Wyness mentions on the sleeve notes that the recordings were assisted by several unusual items, including the ‘general decrepitude of the material world.' In some recordings he seeks to enhance this further, decomposing and bleeding sounds into each other.
Glasshouse, with sounds recorded in the Royal Botanic Garden in Edinburgh, compounds the phonographic elements by using effects. Sometimes a whisper of something recognisable arises, perhaps a voice, water or vehicles in the background.
In Aquarium, again recorded in the Botanic Gardens, Wyness has refined sounds to the point that they become like chirps, bass notes and synthesised sounds. Rego features a progression of these techniques, where a beautiful yet ephemeral ringing leads into harsher, distorted sections.
In track 4, Cartier-bresson, we hear a down-sampled version of low-frequency sounds, perhaps the generators or air-conditioning he mentions in his sleeve notes.

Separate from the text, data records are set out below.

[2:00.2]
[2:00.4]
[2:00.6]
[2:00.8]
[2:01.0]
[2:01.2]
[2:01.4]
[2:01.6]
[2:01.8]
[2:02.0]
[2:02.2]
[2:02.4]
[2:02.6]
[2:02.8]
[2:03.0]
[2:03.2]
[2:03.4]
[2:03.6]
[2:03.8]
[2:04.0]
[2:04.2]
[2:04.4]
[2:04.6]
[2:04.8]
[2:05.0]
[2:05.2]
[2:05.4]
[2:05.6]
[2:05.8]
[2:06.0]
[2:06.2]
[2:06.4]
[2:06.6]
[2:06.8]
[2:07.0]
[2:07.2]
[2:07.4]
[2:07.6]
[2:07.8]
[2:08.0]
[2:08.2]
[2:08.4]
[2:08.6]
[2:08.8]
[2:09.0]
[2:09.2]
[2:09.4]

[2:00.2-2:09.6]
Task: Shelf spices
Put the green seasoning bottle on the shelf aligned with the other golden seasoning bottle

Cartier-bresson reproduces the feeling of being an a gallery, with sounds of children who don't want to be there, abrupt sounds external to the gallery interrupting your meditation on a piece. The reference to Henri Cartier-Bresson, the father of photojournalism, represents a possible source of influence for Wyness, who is taking up an analogous role of phonographer.

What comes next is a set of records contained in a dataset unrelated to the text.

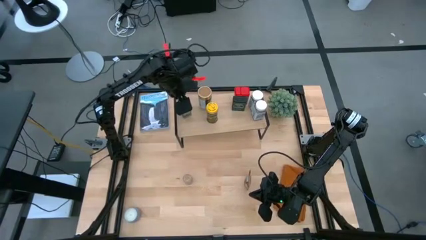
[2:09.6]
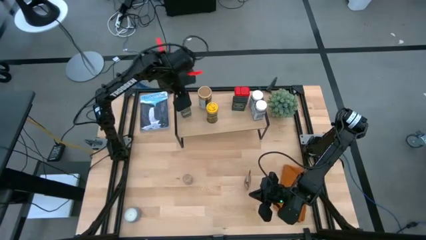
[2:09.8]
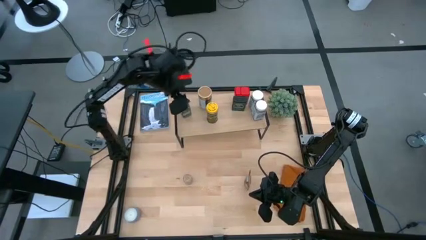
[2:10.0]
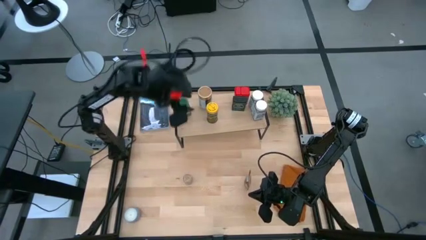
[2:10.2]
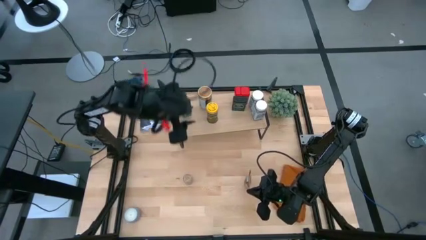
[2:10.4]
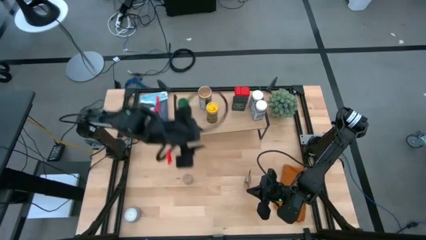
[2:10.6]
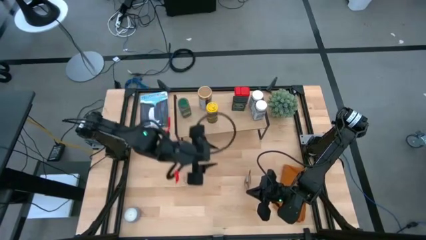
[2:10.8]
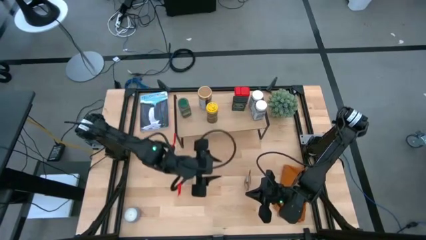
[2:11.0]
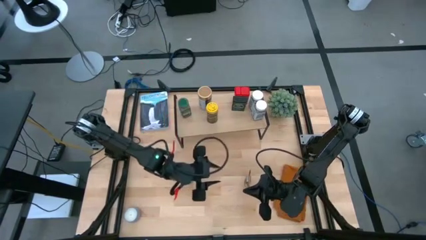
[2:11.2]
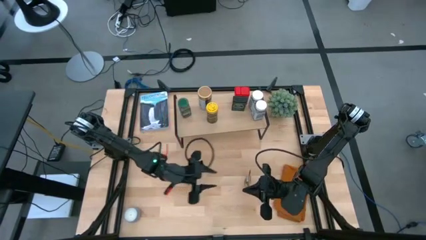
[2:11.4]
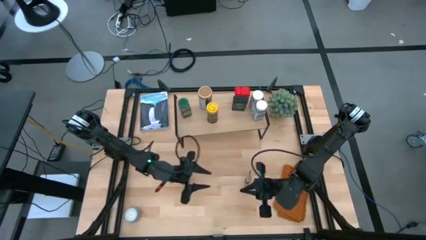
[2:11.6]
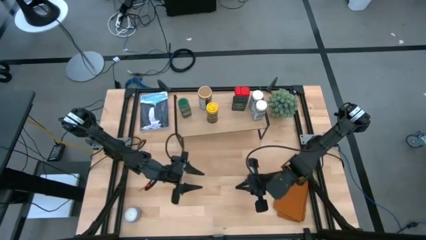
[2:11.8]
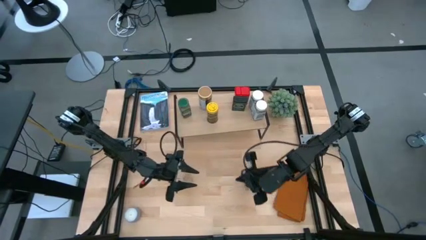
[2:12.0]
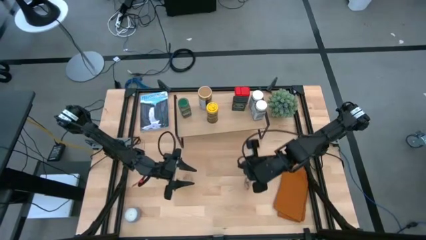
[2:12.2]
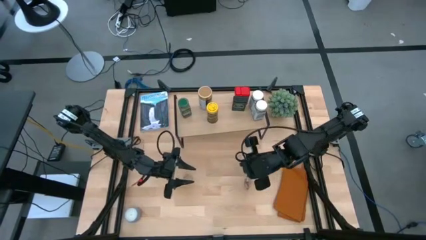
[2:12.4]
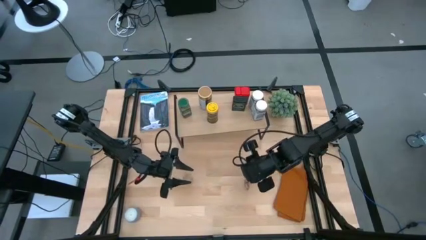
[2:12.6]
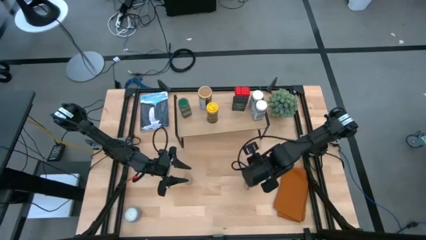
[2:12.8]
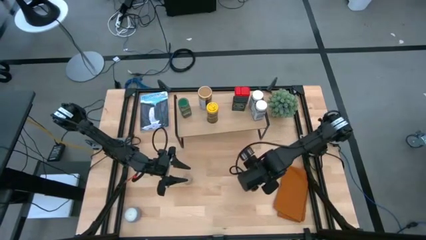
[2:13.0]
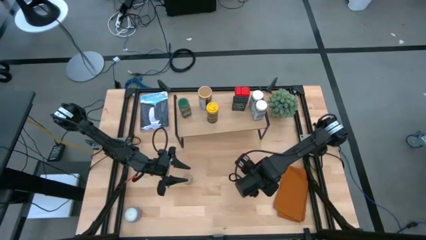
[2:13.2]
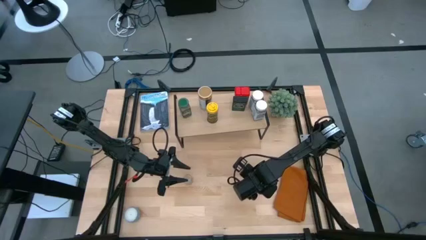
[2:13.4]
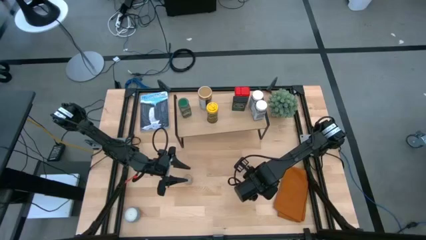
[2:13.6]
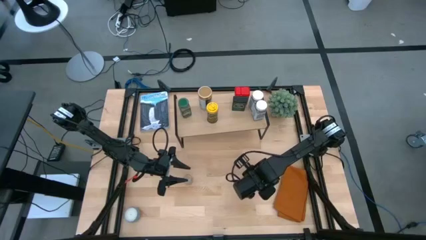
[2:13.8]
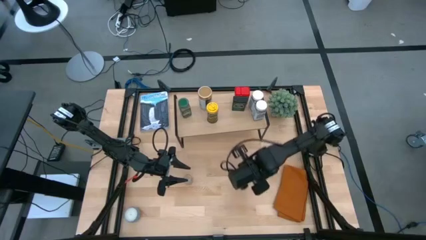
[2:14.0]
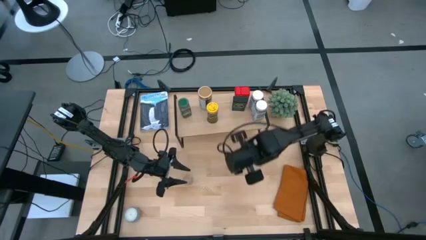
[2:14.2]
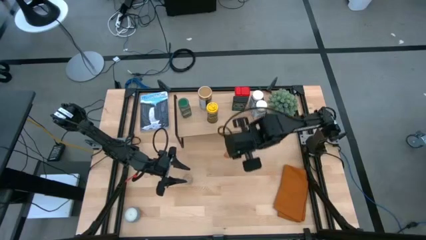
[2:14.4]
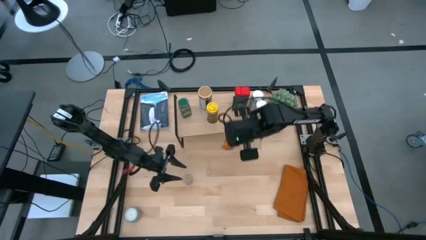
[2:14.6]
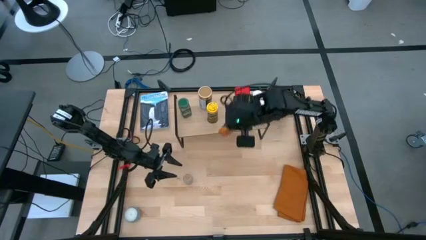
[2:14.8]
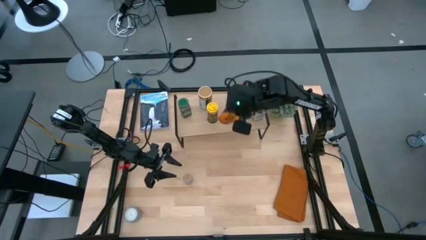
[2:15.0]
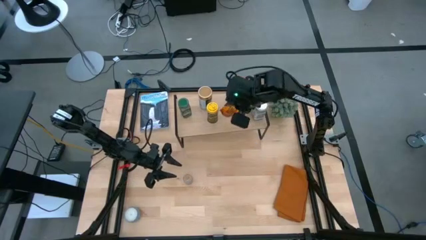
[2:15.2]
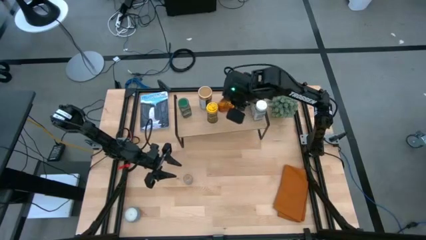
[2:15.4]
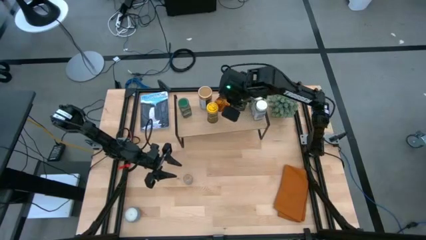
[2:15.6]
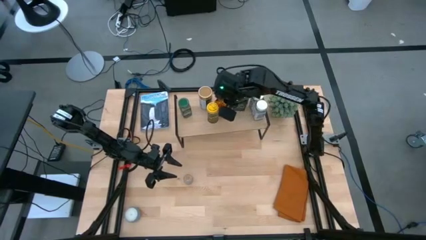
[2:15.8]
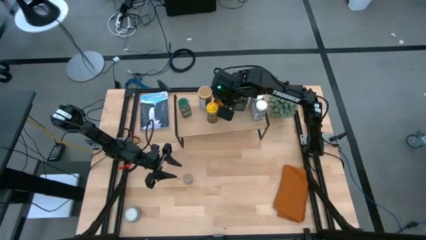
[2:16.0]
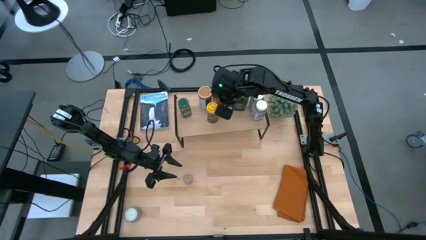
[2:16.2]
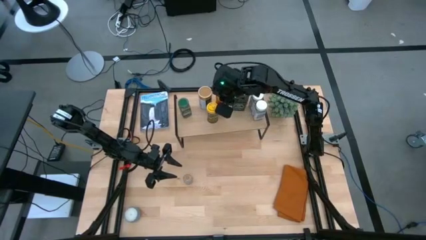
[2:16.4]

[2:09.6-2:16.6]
Put the orange seasoning bag on the shelf aligned with the other red seasoning can

James Wyness, using techniques that might be described as Musique Concrète, has put together a short collection of interesting slices of the atmospheres of Edinburgh's famous public places. Occasionally he blends his recorded material together to produce what might be described as musical passages, to further explain the facets of the environment he's trying to capture. With Inside Voices, he's contributing something unique and interesting to an increasingly fertile movement.